Teaching a child to read is for sure an overwhelming thought. The process seems a bit strange and abstract. So we start by teaching our child the alphabet, generally around the age of three. We sing songs and play games and buy videos and apps for our kids to watch and play to encourage reading.

When the child officially starts kindergarten, we jump right into whatever book we have chosen to help propel our child into literacy. Then it happens. The child only offers a blank stare at the proposition that letters are more than songs and things on a fun app. A stands for more than apple.

They don’t get it.

So we search the internet about teaching a child to read, ask all our homeschooling friends, and all the teachers we know about the process of teaching a child to read. Then we gather those suggestions, our own research and we form our own theory about how it should work and why it isn’t.  The next step is finding a curriculum that closely resembles the theory we have come up with and the method that addresses whatever we believe the problem is.

We eagerly, with new hope and a bright shiny attitude, offer the proposed curriculum to the child. The child sees more of what confuses him in the first place. A stands for more than Apple. All the letters look different from each other. They all make sounds and are not consistent in their sounds. The instructions have a lot of words that look like a foreign language. The child is being called upon to deal with more than just one letter, one sound at a time and is now being told those sounds go together to form words. The problem is there are so many sounds and they all have to be memorized and then sounded out in a particular order and his parent is looking at him with a wistful longingness that is shadowed by a hint of desperation. He is confused and his self esteem takes a hit.

The parent sees that the child is struggling and apparently not comprehending. The parent’s self esteem takes a hit. Maybe they are not cut out for homeschooling. Maybe they were silly to think they could homeschool to begin with. Maybe someone else could do it better.  Maybe it is the curriculum.  So, they buy another curriculum (maybe there is something different about this one) or hire a tutor or put the child in a brick and mortar school. Maybe the parent will have the child tested.

The real problem?  A always stands for more than Apple, folks. The process of blending is essentially the same and there will always be sight words. The real issue is typically the child and their readiness to read.

The Common Core State Standards are not the only things that have decided a child should read by first grade.
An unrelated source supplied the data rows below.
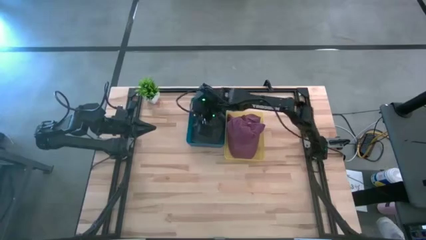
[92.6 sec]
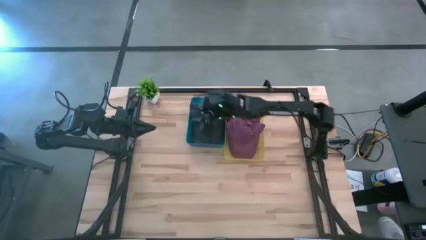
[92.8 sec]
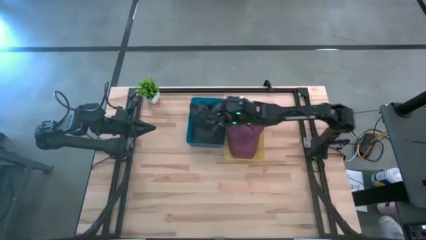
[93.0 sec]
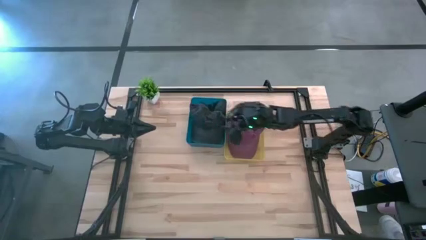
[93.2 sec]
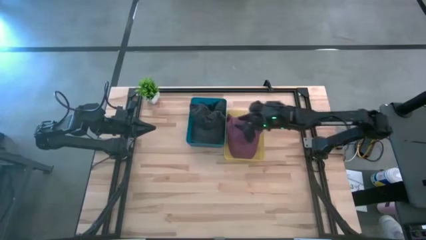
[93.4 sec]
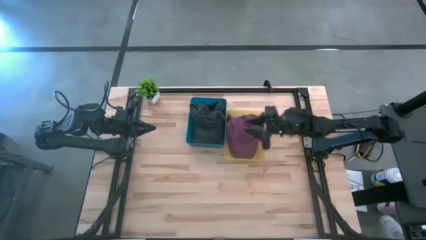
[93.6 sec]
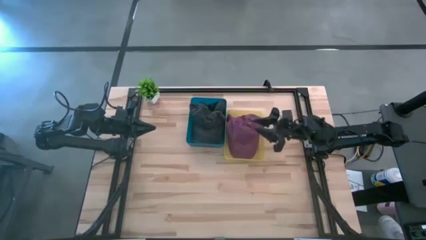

So have a lot of parents.  

The wonderful thing about homeschooling is that children can truly learn at their own pace. If they are not ready to read or are really struggling, we can set it aside or back up to a place where the child is mostly comfortable. Instead I find we as parents tend to judge our ability to homeschool and sometimes our ability to parent based on our child’s ability to read. And then the parent continues to push the child towards something they are not ready to do. This is not okay. Your child’s value and success as a student is not based on his or her reading ability. Your capability as a parent is not measured by your child’s reading ability.

I encourage you to take a breather. If your child is struggling, take a break. Skip reading lessons for a while. Read with your child or listen to audio books together. Skip school and play. Give your child time to mature a bit.

I have taught four children to read. My three older children all struggled. Their lack of ability made me question my own worth as a mother. But we persisted and worked in spurts. If they struggled and if there were tears and/attitude, we simply stopped. Eventually, there was enough starting and stopping that one day we started again and we did not have to stop. They were all around 9 when this happened for them. My youngest learned to read at lightening speed. She was reading at age 4! I am not even sure I taught her, it seemed to have just happened!  

So, parents, give yourselves and your kids time. Remember childhood is about learning and play and figuring out the world and how it works.